Stored data
--------------------------------
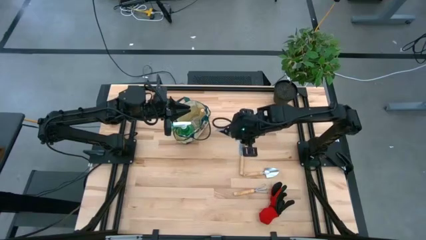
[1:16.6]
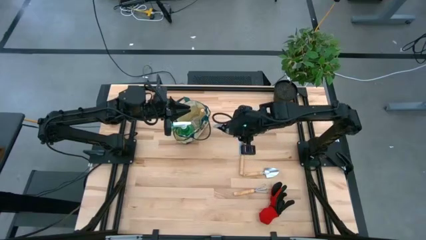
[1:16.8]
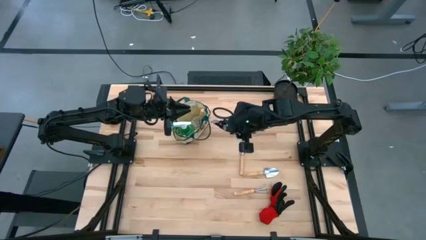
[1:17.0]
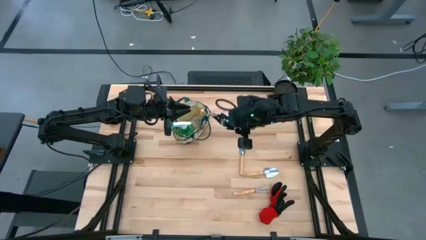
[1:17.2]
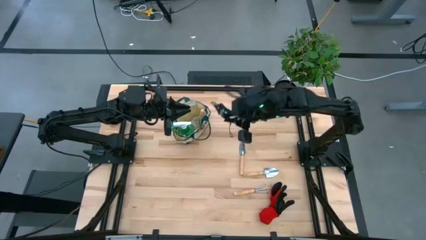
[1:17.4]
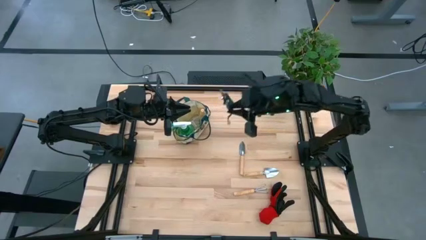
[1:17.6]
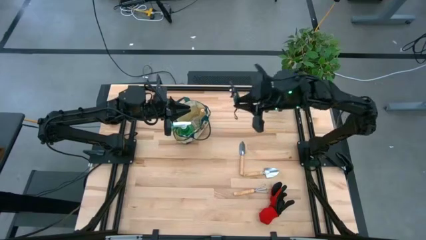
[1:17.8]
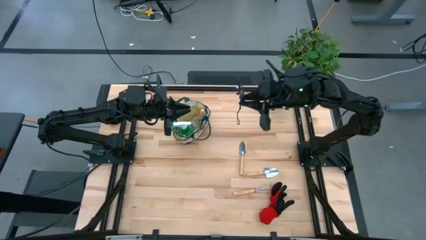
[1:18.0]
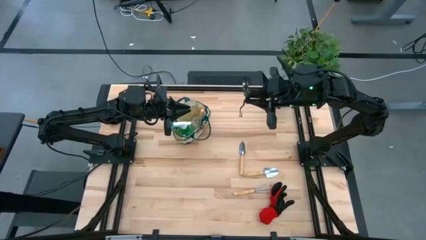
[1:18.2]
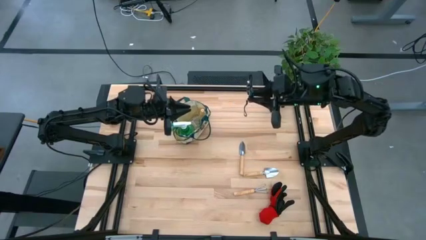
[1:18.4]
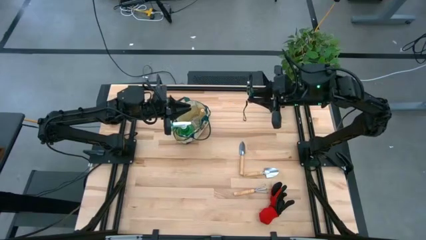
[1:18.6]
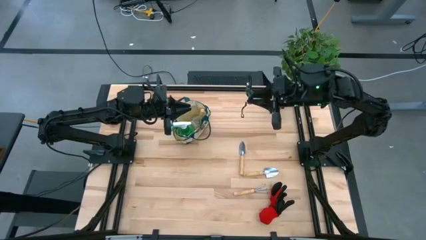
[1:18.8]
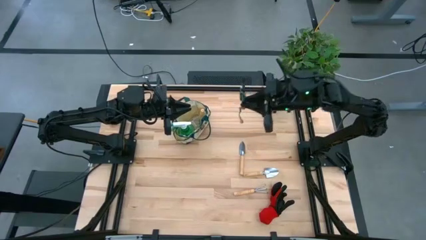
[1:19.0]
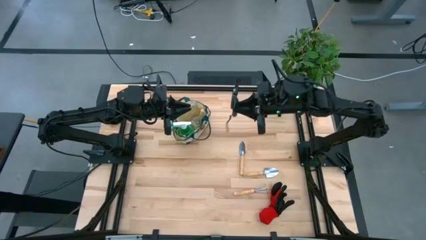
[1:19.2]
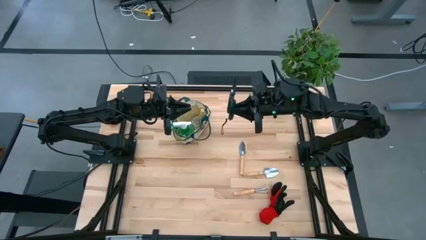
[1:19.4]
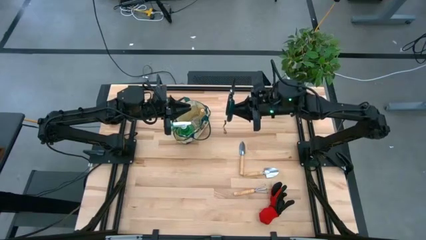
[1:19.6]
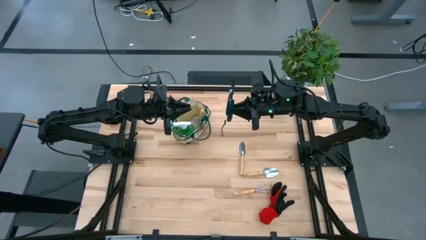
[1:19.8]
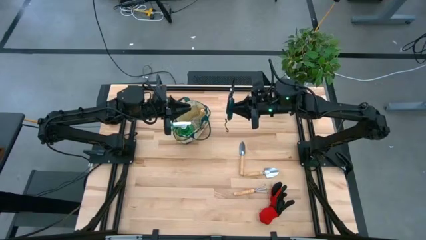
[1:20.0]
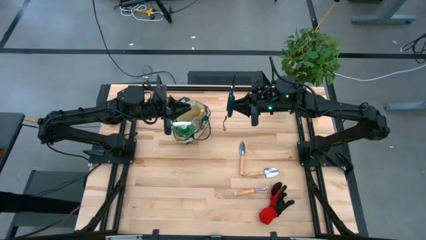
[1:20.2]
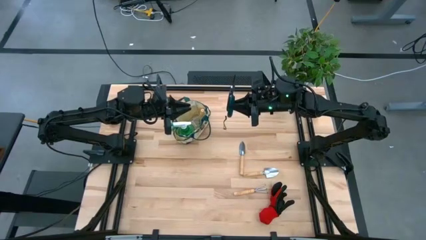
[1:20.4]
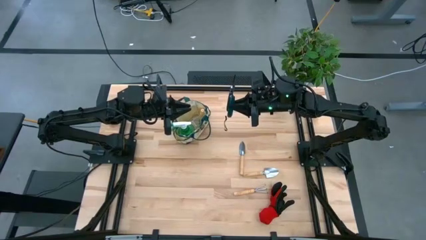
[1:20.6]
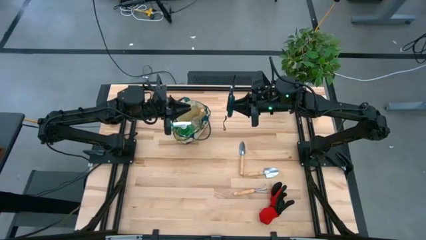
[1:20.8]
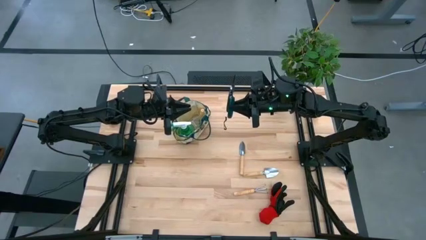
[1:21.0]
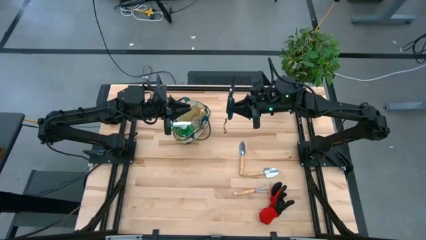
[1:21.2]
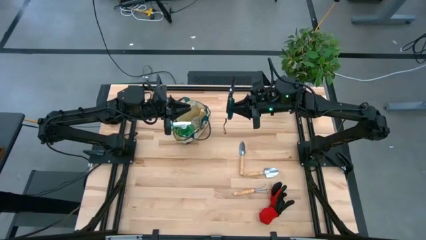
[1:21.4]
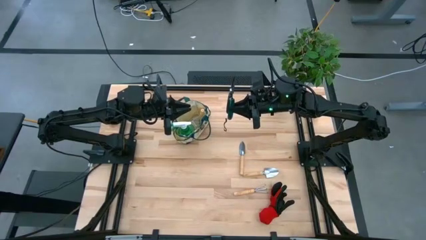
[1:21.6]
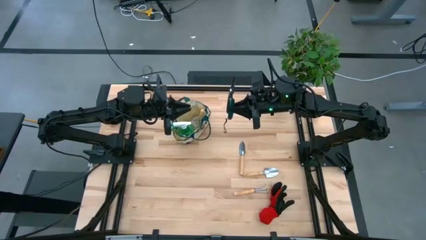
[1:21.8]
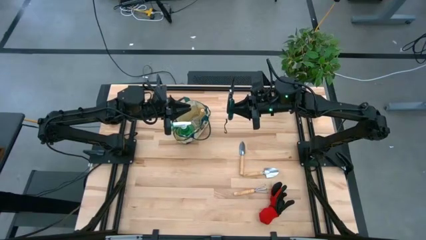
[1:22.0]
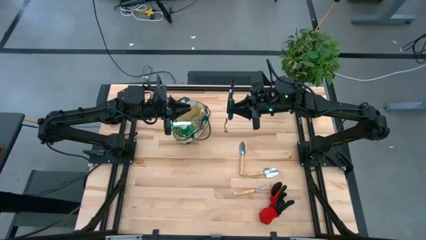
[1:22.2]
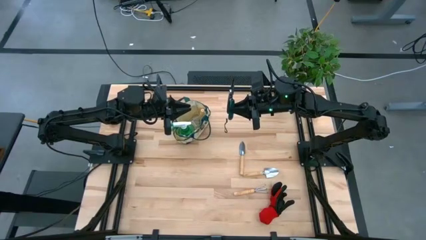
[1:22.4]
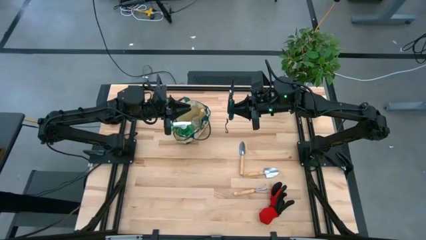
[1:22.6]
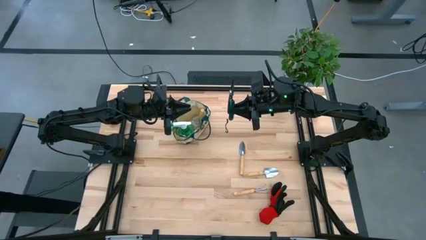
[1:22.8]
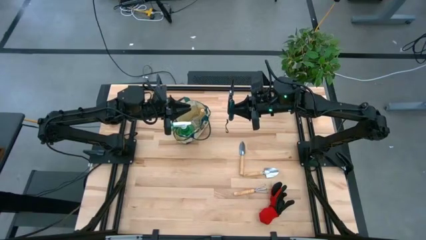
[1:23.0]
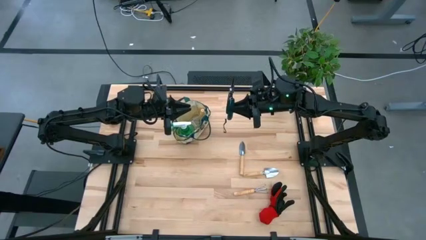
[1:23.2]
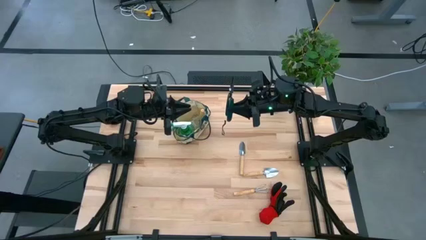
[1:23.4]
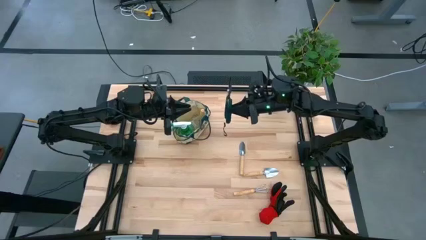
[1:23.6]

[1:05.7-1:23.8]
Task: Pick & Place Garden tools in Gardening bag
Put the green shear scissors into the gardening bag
--------------------------------
Could the data be reproduced exactly, with the pictures omitted?

• _EXERCISE RESPONSE_:
[1:16.6]
[1:16.8]
[1:17.0]
[1:17.2]
[1:17.4]
[1:17.6]
[1:17.8]
[1:18.0]
[1:18.2]
[1:18.4]
[1:18.6]
[1:18.8]
[1:19.0]
[1:19.2]
[1:19.4]
[1:19.6]
[1:19.8]
[1:20.0]
[1:20.2]
[1:20.4]
[1:20.6]
[1:20.8]
[1:21.0]
[1:21.2]
[1:21.4]
[1:21.6]
[1:21.8]
[1:22.0]
[1:22.2]
[1:22.4]
[1:22.6]
[1:22.8]
[1:23.0]
[1:23.2]
[1:23.4]
[1:23.6]

[1:05.7-1:23.8]
Task: Pick & Place Garden tools in Gardening bag
Put the green shear scissors into the gardening bag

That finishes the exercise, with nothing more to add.